7. A method comprising:

storing a data list for recording a write record that includes a data string and an address range to be written per write request issued to a data storage unit to clearly show a time series of write requests, and

storing a binary search tree for a node comprising an address range of the data storage unit as a key value range and pointer information to a write record comprising newest data in such address range.

8. The method according to claim 7, which comprises obtaining a new write request, adding a new write record corresponding to such new write request to the data list, removing an overlapped part from a key value range for a node whose key value range overlaps at least part of a write segment of such new write request (hereinafter referred to as an overlapping node), inserting a node comprising the write segment and pointer information to the new write record into a position of an overlapping node closest to a root node and updating the binary search tree.
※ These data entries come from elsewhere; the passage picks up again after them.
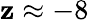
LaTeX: \mathbf{z}\approx-8
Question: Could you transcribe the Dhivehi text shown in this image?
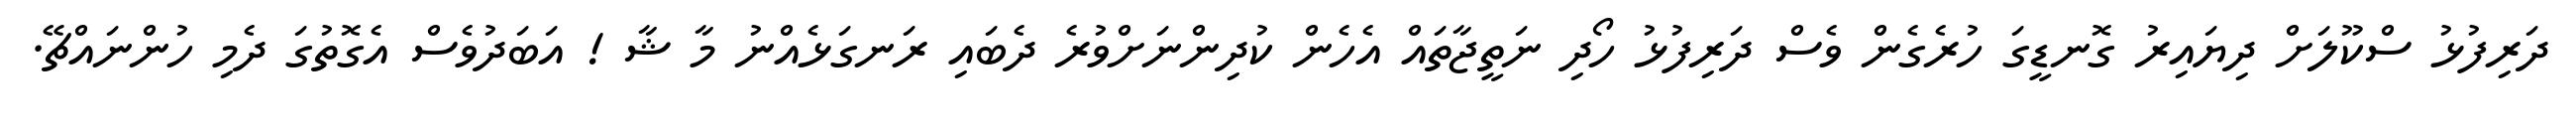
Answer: ދަރިފުޅު ސްކޫލަށް ދިޔައިރު ގޮނޑީގަ ހުރެގެން ވެސް ދަރިފުޅު ހޯދި ނަތީޖާތައް އެހެން ކުދިންނަށްވުރެ ދެބައި ރަނގަޅެއްނު މާ ޝާ ! އަބަދުވެސް އެގޮތުގަ ދެމި ހުންނައްޗޭ.
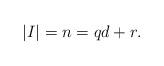
LaTeX: \begin{align*}|I| = n = qd + r.\end{align*}
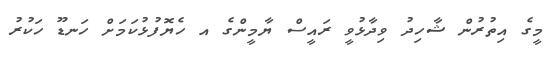
މީގެ އިތުރުން ޝާހިދު ވިދާޅުވީ ރައީސް ޔާމީންގެ އ ހެޔޮފުޅުކަމަށް ހަނޑޫ ހަކުރު
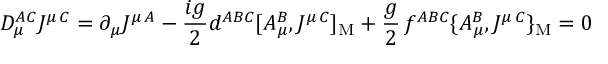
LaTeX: D _ { \mu } ^ { A C } J ^ { \mu \, C } = \partial _ { \mu } J ^ { \mu \, A } - { \frac { i g } { 2 } } d ^ { A B C } [ A _ { \mu } ^ { B } , J ^ { \mu \, C } ] _ { \mathrm { M } } + { \frac { g } { 2 } } \, f ^ { A B C } \{ A _ { \mu } ^ { B } , J ^ { \mu \, C } \} _ { \mathrm { M } } = 0
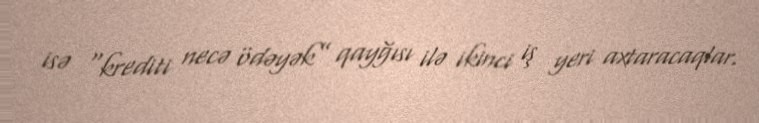
isə “krediti necə ödəyək” qayğısı ilə ikinci iş yeri axtaracaqlar.
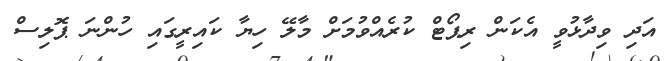
އަދި ވިދާޅުވީ އެކަން ރިޕޯޓް ކުރެއްވުމަށް މާލޭ ހިޔާ ކައިރީގައި ހުންނަ ޕޮލިސް
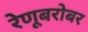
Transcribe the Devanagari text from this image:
रेणूबरोबर
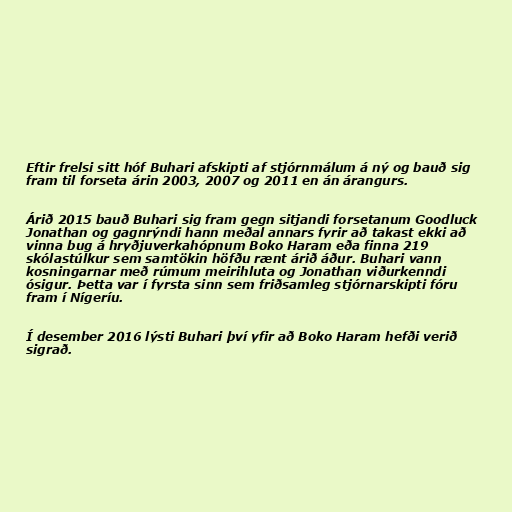
Eftir frelsi sitt hóf Buhari afskipti af stjórnmálum á ný og bauð sig
fram til forseta árin 2003, 2007 og 2011 en án árangurs.

9. The method according to claim 8, which comprises deleting a write record until a designated time in reverse chronological order from the data list and creating a new binary search tree based on remaining a write record.

10. A non-transitory computer readable recording medium that stores a program for making a computer execute processing of storing a data list which records a write record comprising a data string and an address range to be written per write request issued to a data storage unit to clearly show a time series of write requests and

storing a binary search tree for a node comprising an address range of the data storage unit as a key value range and pointer information to a write record comprising newest data in such address range.